* [Required action]: Give the entries below again exactly. Their pictures are not needed.

Records contained in a dataset
*****

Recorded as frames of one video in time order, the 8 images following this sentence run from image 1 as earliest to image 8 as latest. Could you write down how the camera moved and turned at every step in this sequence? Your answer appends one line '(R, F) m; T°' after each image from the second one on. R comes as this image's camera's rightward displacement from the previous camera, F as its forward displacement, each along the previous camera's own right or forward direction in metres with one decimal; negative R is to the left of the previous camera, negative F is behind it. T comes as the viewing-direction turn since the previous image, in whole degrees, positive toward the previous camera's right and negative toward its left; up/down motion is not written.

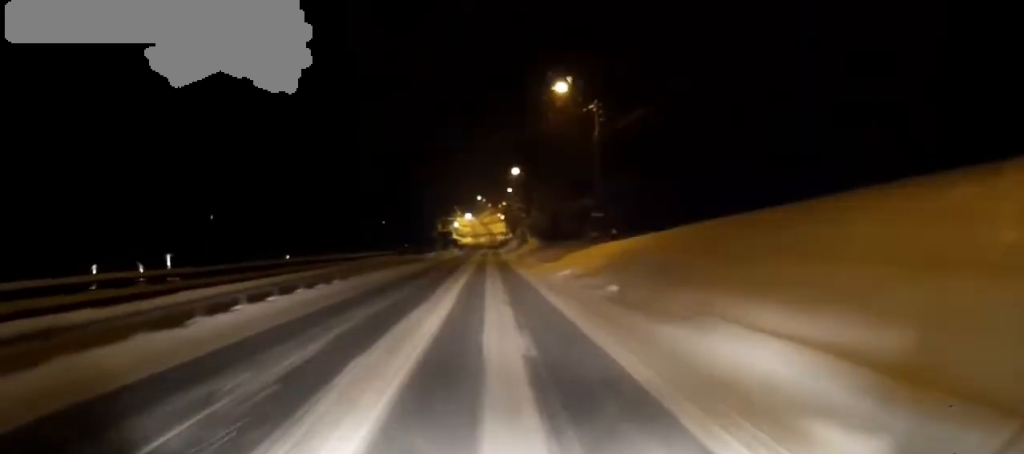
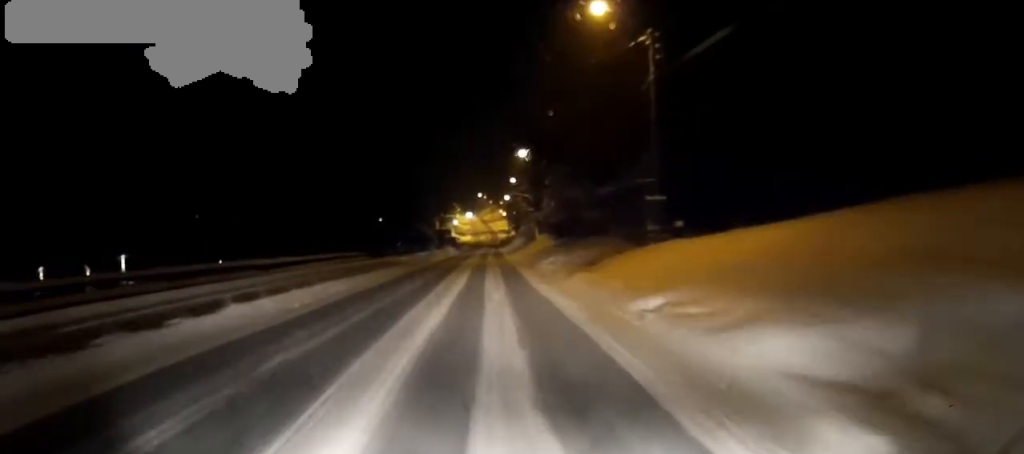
(0.0, +12.6) m; 0°
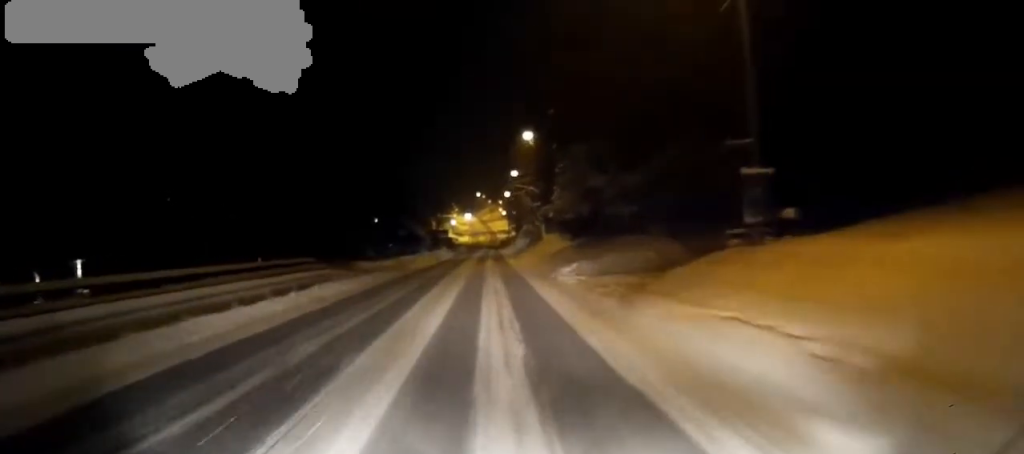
(0.0, +9.5) m; 0°
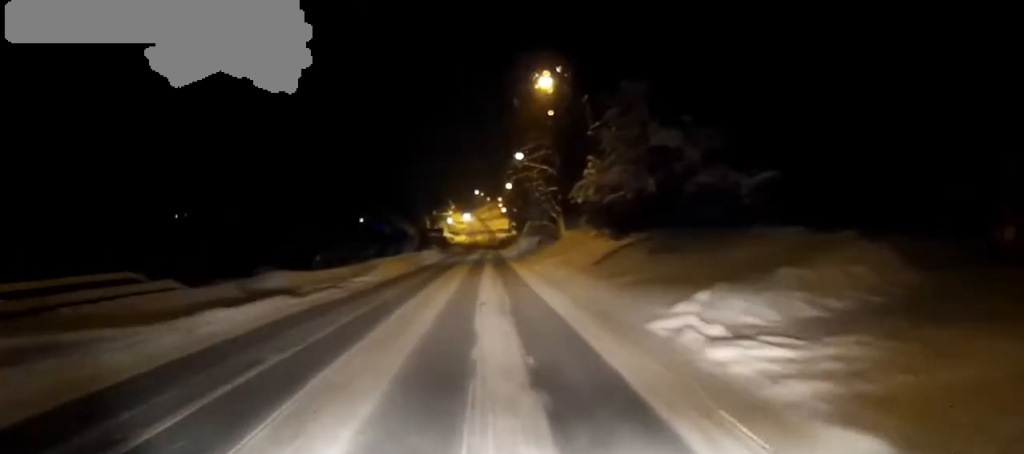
(+0.1, +15.4) m; 0°
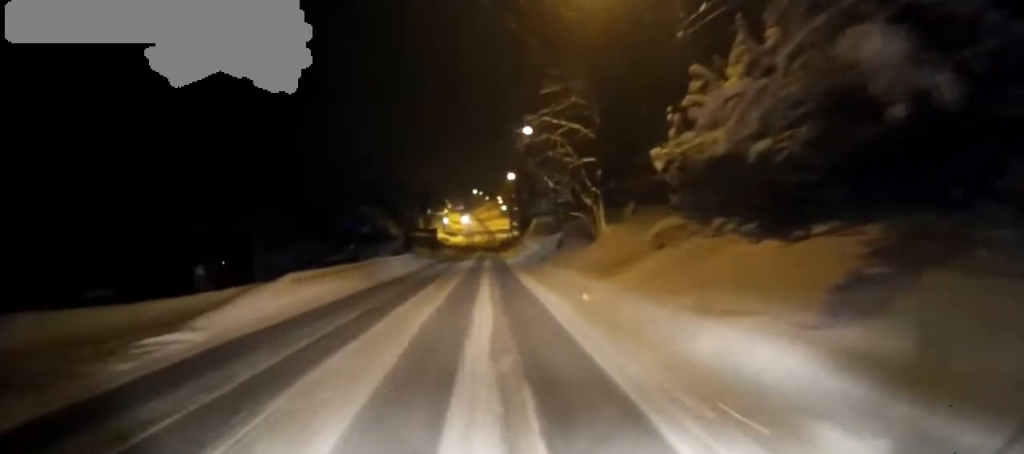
(0.0, +15.4) m; 0°
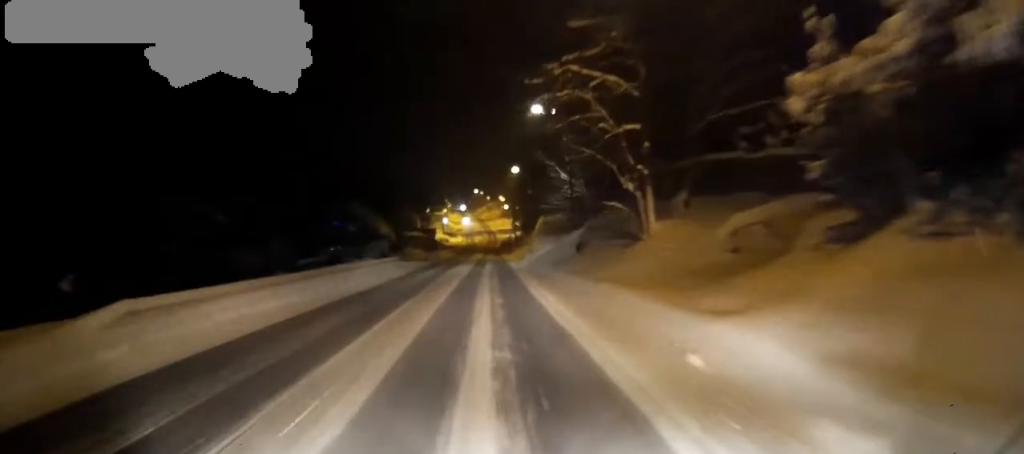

*****

* [Output of the task]:
Recorded as frames of one video in time order, the 8 images following this sentence run from image 1 as earliest to image 8 as latest. Could you write down how the camera moved and turned at every step in this sequence? Your answer appends one line '(R, F) m; T°' after each image from the second one on. R comes as this image's camera's rightward displacement from the previous camera, F as its forward displacement, each along the previous camera's own right or forward direction in metres with one decimal; negative R is to the left of the previous camera, negative F is behind it. T comes as the viewing-direction turn since the previous image, in whole degrees, positive toward the previous camera's right and negative toward its left; up/down motion is not written.

(0.0, +12.6) m; 0°
(0.0, +9.5) m; 0°
(+0.1, +15.4) m; 0°
(0.0, +15.4) m; 0°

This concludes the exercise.